The staying power will come from the check-off funding—a kind of self-imposed tax that the paper industry will remit for as long as it decides to keep the campaign in effect. The USDA, which sanctions check-offs for non-branded promotional drives on behalf of agricultural products, deems paper and packaging to be in this category because they come from the harvesting of trees.
In November 2013, using a list of eligible paper manufacturers and importers supplied by AF&PA, the USDA held a referendum in which 85% of those polled voted to assess themselves for check-off participation. These suppliers, representing 95% of the paper industry’s total volume, agreed to pay a fee of 35 cents per short ton on their shares of printing, writing, and office, and Kraft papers, paperboard, and corrugated board. P&PB invoices the participants quarterly based on the previous quarter’s production.

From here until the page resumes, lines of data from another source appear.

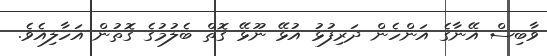
ވާބިސް އޭނާގެ އަންހެން ދަރިފުޅު އުޅޭ ނޫޅޭ ގޮތް ބެލުމުގެ ގޮތުން އަހާލިއެވެ.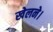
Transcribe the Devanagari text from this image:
खेलने।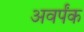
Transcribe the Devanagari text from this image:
अवर्पंक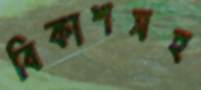
বিকাশসহ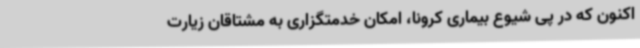
اکنون که در پی شیوع بیماری کرونا، امکان خدمتگزاری به مشتاقان زیارت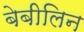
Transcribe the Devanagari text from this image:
बेबीलिन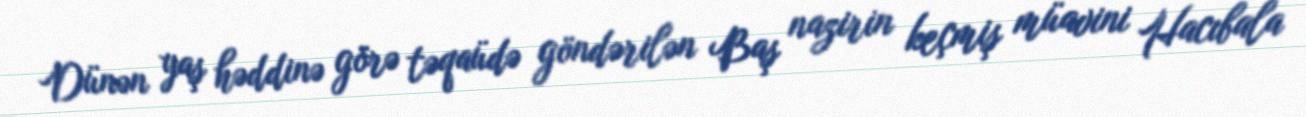
Dünən yaş həddinə görə təqaüdə göndərilən Baş nazirin keçmiş müavini Hacıbala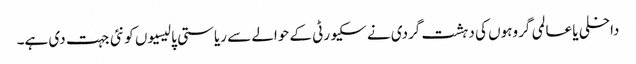
داخلی یا عالمی گروہوں کی دہشت گردی نے سکیورٹی کے حوالے سے ریاستی پالیسیوں کو نئی جہت دی ہے۔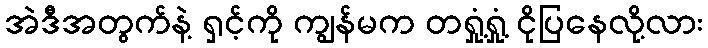
အဲဒီအတွက်နဲ့ ရှင့်ကို ကျွန်မက တရှုံ့ရှုံ့ ငိုပြနေလို့လား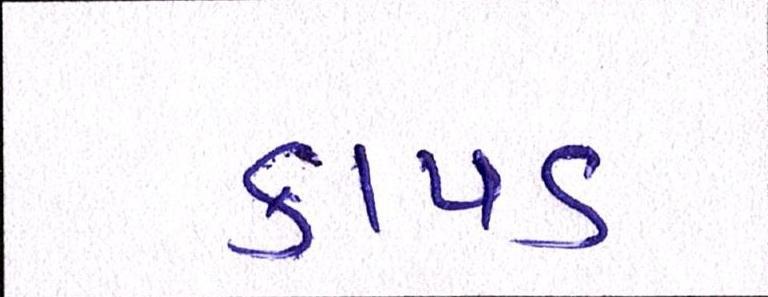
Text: કાપડ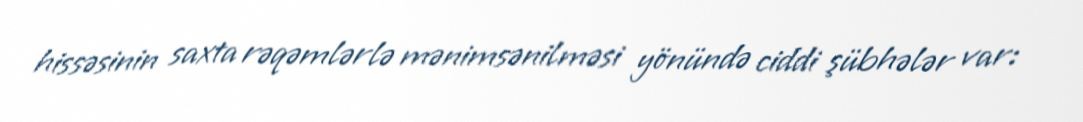
hissəsinin saxta rəqəmlərlə mənimsənilməsi yönündə ciddi şübhələr var: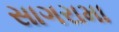
સાગરામા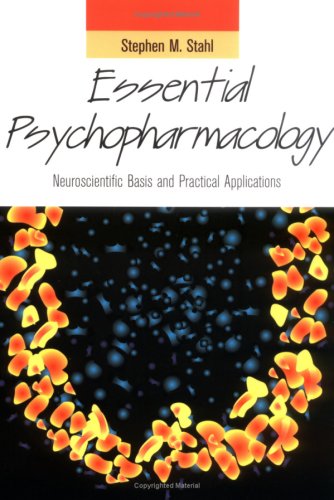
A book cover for Essential Psychopharmacology with CD-ROM: Neuroscientific Basis and Clinical Applications (Essential Psychopharmacology Series); Medical Books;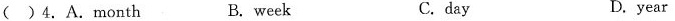
( )4.A.month B. week C.day D.year

The check-off became binding for the industry on January 22, 2014. It has a seven-year term that participants can vote to terminate or extend, and follow-up referendums can be requested at any time by the program’s board of directors or 10% of those eligible to vote. While it is in force, every company that annually makes or imports more than 100,000 short tons of the assessable grades must pay the quarterly fee or answer to the USDA.
Hansan notes that although the check-off has the mandate of a government agency behind it, it isn’t a government program—the USDA contributes no resources except for oversight. The thing to keep in mind, she says, is the fact that the industry’s nearly universal participation in the program is generating a lot of money that can be used to do a lot of good.
Check-off funds can’t be earmarked for lobbying or advocacy, but they can be budgeted for informational, educational, and promotional activities in support of an industry’s products. Hansan says that by the end of this year, P&PB will have spent about $19 million on paid media placements and roughly another $1 million on publicity designed to draw attention to the campaign: for example, a back-to-school promotion to remind students of the value of taking handwritten notes. After that, there will be $20 million to $25 million to spend annually through the end of the campaign. The econometric analysis measuring the effectiveness of the program must be given to the USDA before the end of year five.
Results don’t yet exist to be measured, but Hansan is confident that they will be forthcoming. A marketing communications professional for 30 years, she has managed similar promotions for canned tuna, plastics, chemicals, and flowers. She says that because “Paper & Packaging – How Life Unfolds” is launching with the same depth of research, rigor of testing, and clarity of purpose as any of those projects, it has as much “insurance” for success as it’s possible to give a campaign of this kind.
Hansan understands the long-term challenges that paper products are up against: baseless negative publicity about their environmental impacts; alternatives that cause people to need less paper than they used to. But she insists that the biggest danger the paper industry faces “is the risk of doing nothing” to preserve the consumer preference its products still enjoy.
She also knows that advertising is an “art form” and that as such, its outcomes can’t be forecasted or guaranteed. For this reason, the strategic vision behind the media buys is where success for “Paper & Packaging – How Life Unfolds” will have to come from.
“Fingers crossed,” Hansan says, “we have that piece in place.”